**WHAT YOU SHOULD DO**. From the data, copy out every line in which the word "Ioaquina" appears.

[Recorded data]
★ ★ ★ ★ ★

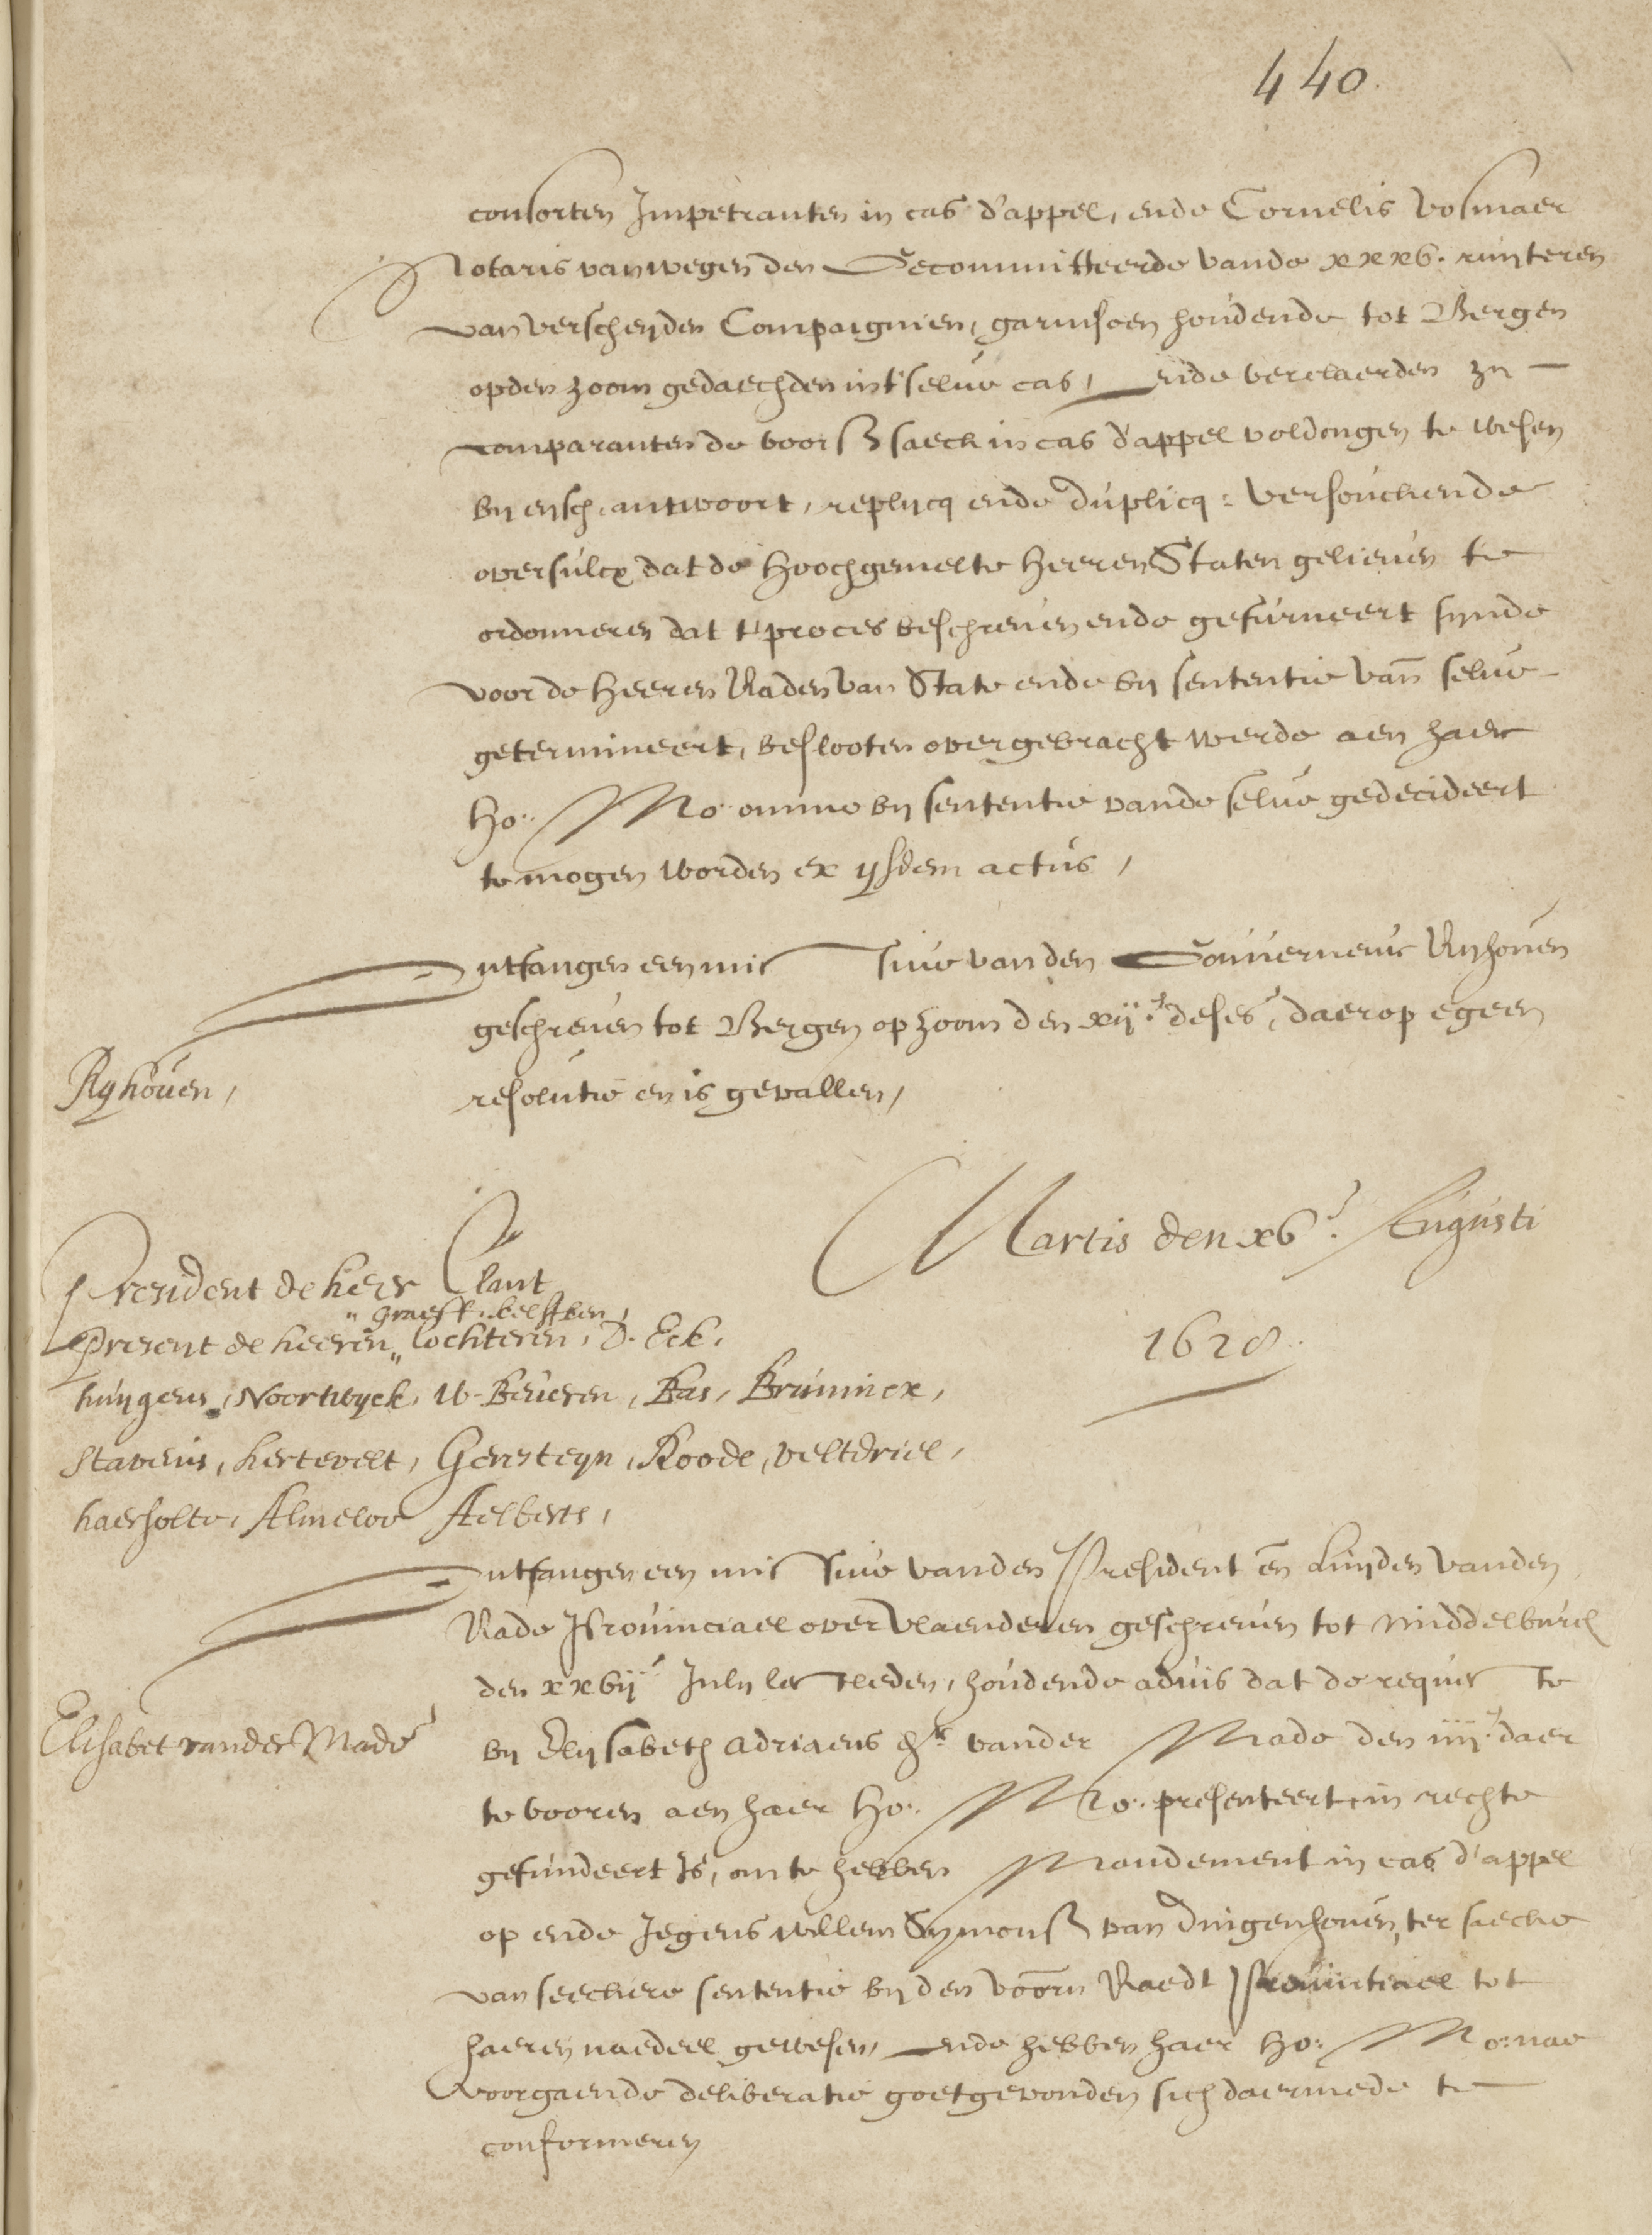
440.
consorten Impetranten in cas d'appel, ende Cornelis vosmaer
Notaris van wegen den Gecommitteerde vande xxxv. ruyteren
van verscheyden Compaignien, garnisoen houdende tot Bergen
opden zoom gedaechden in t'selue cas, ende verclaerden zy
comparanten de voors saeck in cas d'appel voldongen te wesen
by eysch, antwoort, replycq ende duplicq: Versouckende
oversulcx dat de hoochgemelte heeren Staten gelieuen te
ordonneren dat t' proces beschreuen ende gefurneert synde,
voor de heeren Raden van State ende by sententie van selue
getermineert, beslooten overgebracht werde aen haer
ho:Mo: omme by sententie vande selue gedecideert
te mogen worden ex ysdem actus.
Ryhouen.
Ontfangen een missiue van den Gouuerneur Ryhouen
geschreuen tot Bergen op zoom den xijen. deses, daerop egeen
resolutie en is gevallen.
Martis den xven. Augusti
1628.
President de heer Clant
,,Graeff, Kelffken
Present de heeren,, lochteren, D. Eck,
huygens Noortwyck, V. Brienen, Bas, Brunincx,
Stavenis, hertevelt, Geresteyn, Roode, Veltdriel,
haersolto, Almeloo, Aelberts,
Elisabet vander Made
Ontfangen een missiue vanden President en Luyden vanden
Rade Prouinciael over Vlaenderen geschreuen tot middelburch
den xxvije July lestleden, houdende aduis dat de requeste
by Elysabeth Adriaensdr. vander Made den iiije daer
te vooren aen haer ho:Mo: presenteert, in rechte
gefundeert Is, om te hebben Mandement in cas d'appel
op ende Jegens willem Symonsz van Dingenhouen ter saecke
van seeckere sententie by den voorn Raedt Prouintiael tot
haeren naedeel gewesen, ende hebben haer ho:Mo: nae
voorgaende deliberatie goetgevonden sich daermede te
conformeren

★ ★ ★ ★ ★

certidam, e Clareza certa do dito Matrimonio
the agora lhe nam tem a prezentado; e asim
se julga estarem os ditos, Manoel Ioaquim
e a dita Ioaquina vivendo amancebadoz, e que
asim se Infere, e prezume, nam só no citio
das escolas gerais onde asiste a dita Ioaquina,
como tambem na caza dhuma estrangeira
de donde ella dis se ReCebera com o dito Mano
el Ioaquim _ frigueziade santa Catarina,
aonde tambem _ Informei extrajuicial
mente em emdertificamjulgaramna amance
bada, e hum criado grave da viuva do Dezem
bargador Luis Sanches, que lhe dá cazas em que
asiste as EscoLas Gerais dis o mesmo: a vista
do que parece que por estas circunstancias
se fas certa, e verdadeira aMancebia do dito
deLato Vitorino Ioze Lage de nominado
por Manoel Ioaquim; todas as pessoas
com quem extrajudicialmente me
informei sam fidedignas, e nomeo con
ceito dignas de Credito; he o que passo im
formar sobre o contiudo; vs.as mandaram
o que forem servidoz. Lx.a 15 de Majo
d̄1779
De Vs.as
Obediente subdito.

★ ★ ★ ★ ★

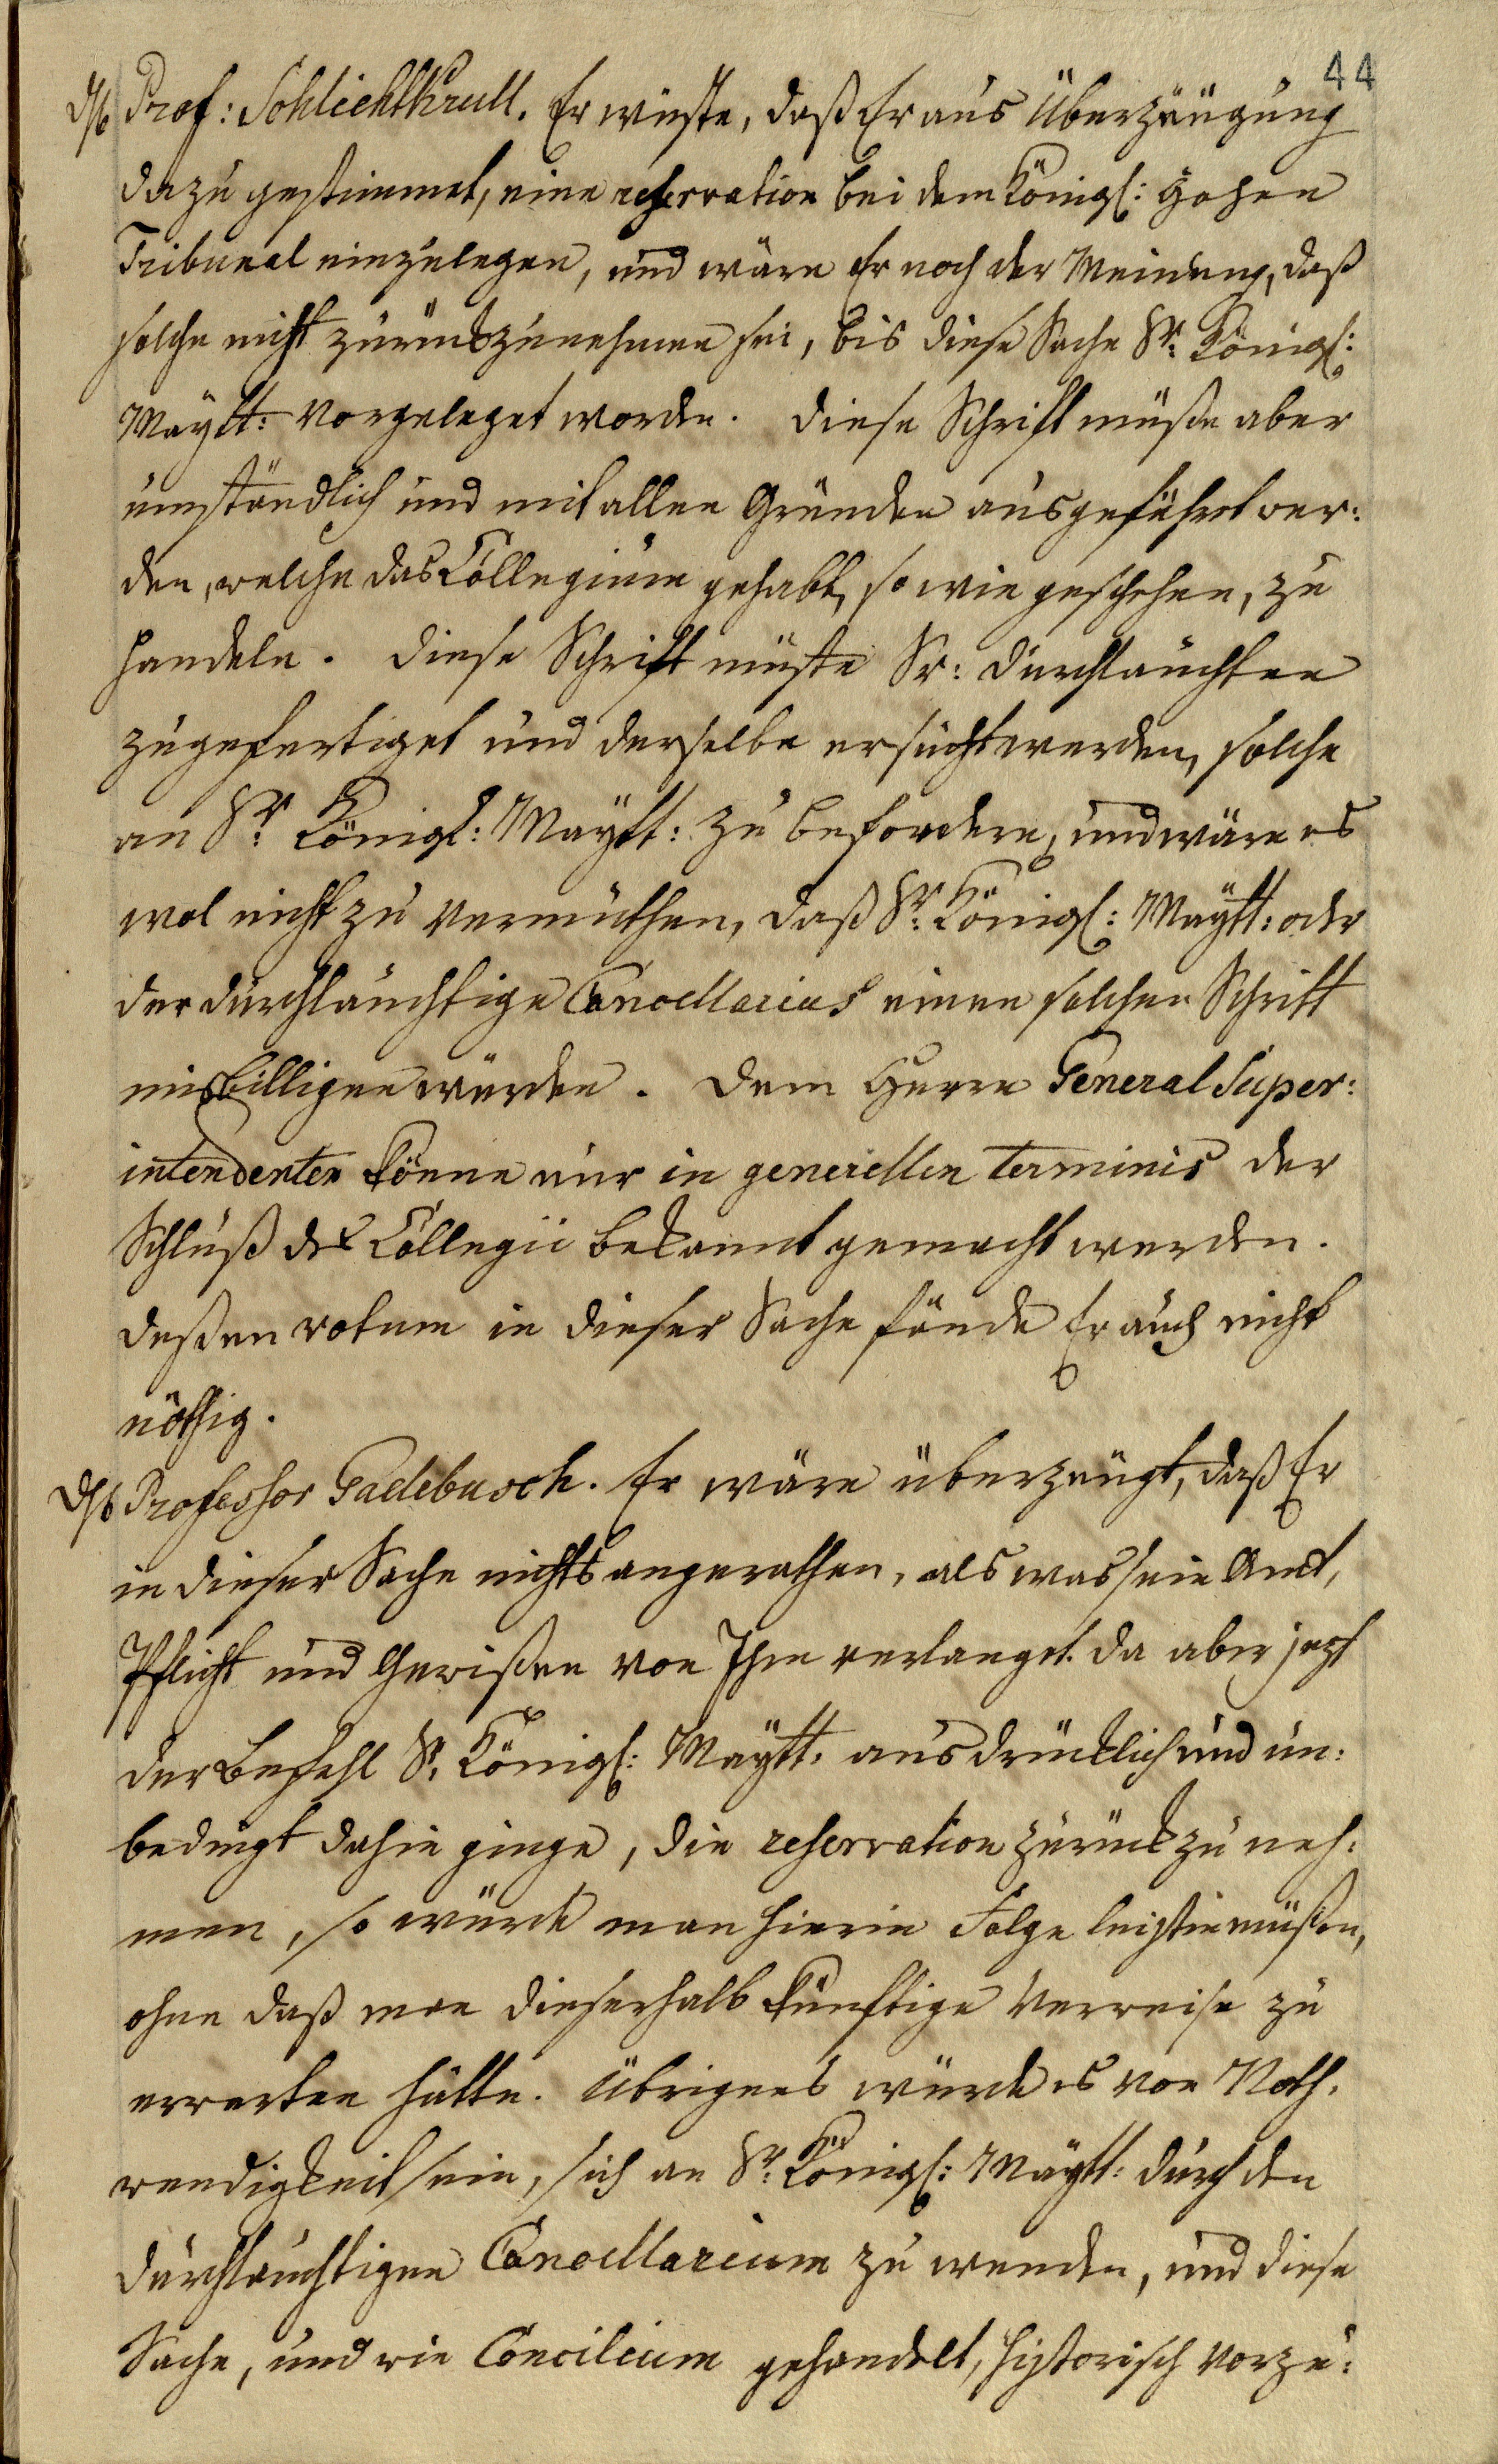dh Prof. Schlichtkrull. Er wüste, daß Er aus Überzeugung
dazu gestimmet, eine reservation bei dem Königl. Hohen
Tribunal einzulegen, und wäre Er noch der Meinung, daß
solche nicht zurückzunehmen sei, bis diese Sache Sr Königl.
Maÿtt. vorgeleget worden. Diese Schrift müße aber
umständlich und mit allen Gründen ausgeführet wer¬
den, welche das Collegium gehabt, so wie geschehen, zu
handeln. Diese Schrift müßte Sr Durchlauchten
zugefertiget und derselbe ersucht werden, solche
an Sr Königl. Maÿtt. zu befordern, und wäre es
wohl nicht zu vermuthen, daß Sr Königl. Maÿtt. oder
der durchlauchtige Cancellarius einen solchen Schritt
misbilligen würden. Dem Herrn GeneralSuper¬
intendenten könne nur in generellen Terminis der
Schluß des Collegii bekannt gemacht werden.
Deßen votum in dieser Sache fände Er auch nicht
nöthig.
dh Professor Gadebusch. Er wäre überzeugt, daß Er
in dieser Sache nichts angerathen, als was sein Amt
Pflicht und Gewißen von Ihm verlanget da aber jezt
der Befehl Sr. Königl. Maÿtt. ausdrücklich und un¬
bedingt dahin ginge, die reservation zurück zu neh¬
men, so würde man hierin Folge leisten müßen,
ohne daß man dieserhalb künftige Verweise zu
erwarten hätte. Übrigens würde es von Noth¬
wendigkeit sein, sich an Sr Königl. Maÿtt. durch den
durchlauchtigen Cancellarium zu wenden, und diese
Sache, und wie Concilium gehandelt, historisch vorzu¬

★ ★ ★ ★ ★

**WRITTEN SOLUTION**.
e a dita Ioaquina vivendo amancebadoz, e que
das escolas gerais onde asiste a dita Ioaquina,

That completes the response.